(Assignment) Leaving the pictures aside, restate all of the data exactly.

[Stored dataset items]

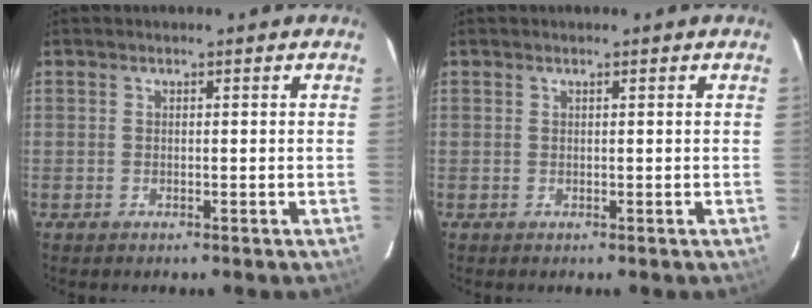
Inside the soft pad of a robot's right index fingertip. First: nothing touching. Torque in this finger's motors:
{"motor_torque": [-0.15, 0.06, -0.03, 0.00]}
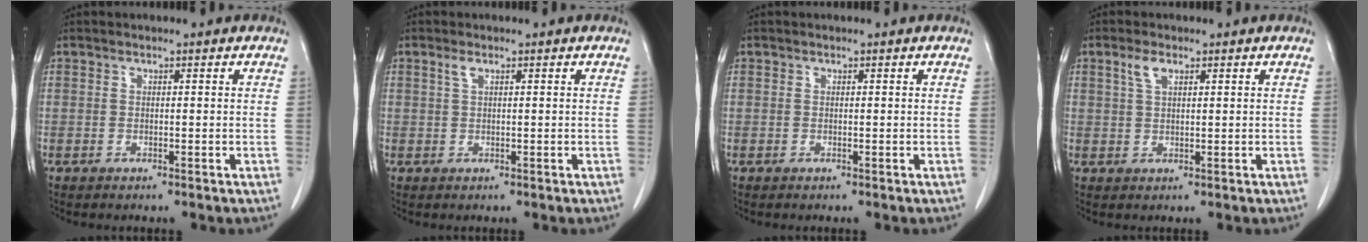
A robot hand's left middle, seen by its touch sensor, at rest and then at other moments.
{"total": 1.0, "force": [0.6, 0.3, 0.8], "torque": [-0.019, 0.006, 0.011]}
{"total": 0.0}
{"total": 2.4, "force": [1.3, 1.0, 1.7], "torque": [-0.040, 0.006, 0.030]}
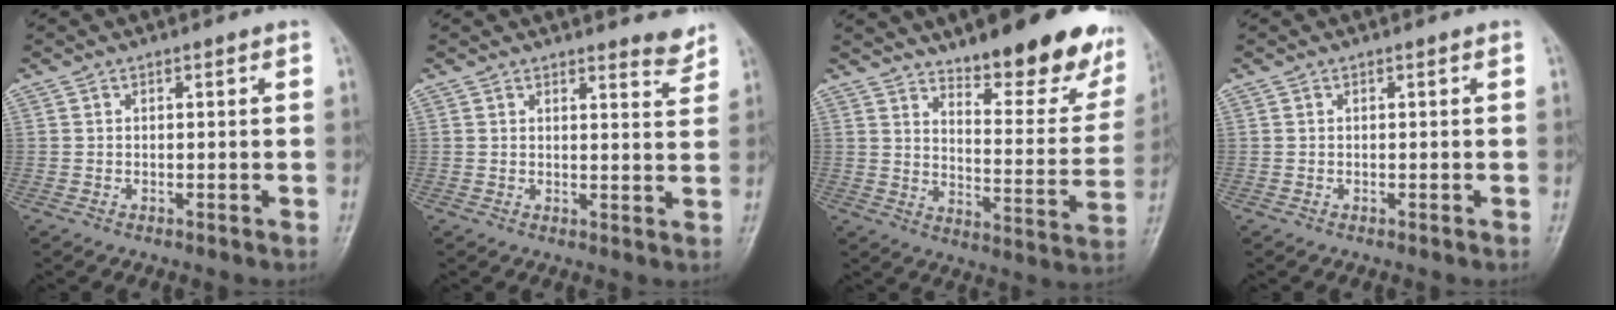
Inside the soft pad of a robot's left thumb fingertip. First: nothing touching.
{"total": 3.7, "force": [3.4, 0.7, 1.1], "torque": [-0.004, -0.034, 0.034]}
{"total": 22.3, "force": [15.8, 6.8, 14.1], "torque": [-0.144, -0.096, 0.214]}
{"total": 0.0}

(Result for this task)
Inside the soft pad of a robot's right index fingertip. First: nothing touching. Torque in this finger's motors:
{"motor_torque": [-0.15, 0.06, -0.03, 0.00]}
A robot hand's left middle, seen by its touch sensor, at rest and then at other moments.
{"total": 1.0, "force": [0.6, 0.3, 0.8], "torque": [-0.019, 0.006, 0.011]}
{"total": 0.0}
{"total": 2.4, "force": [1.3, 1.0, 1.7], "torque": [-0.040, 0.006, 0.030]}
Inside the soft pad of a robot's left thumb fingertip. First: nothing touching.
{"total": 3.7, "force": [3.4, 0.7, 1.1], "torque": [-0.004, -0.034, 0.034]}
{"total": 22.3, "force": [15.8, 6.8, 14.1], "torque": [-0.144, -0.096, 0.214]}
{"total": 0.0}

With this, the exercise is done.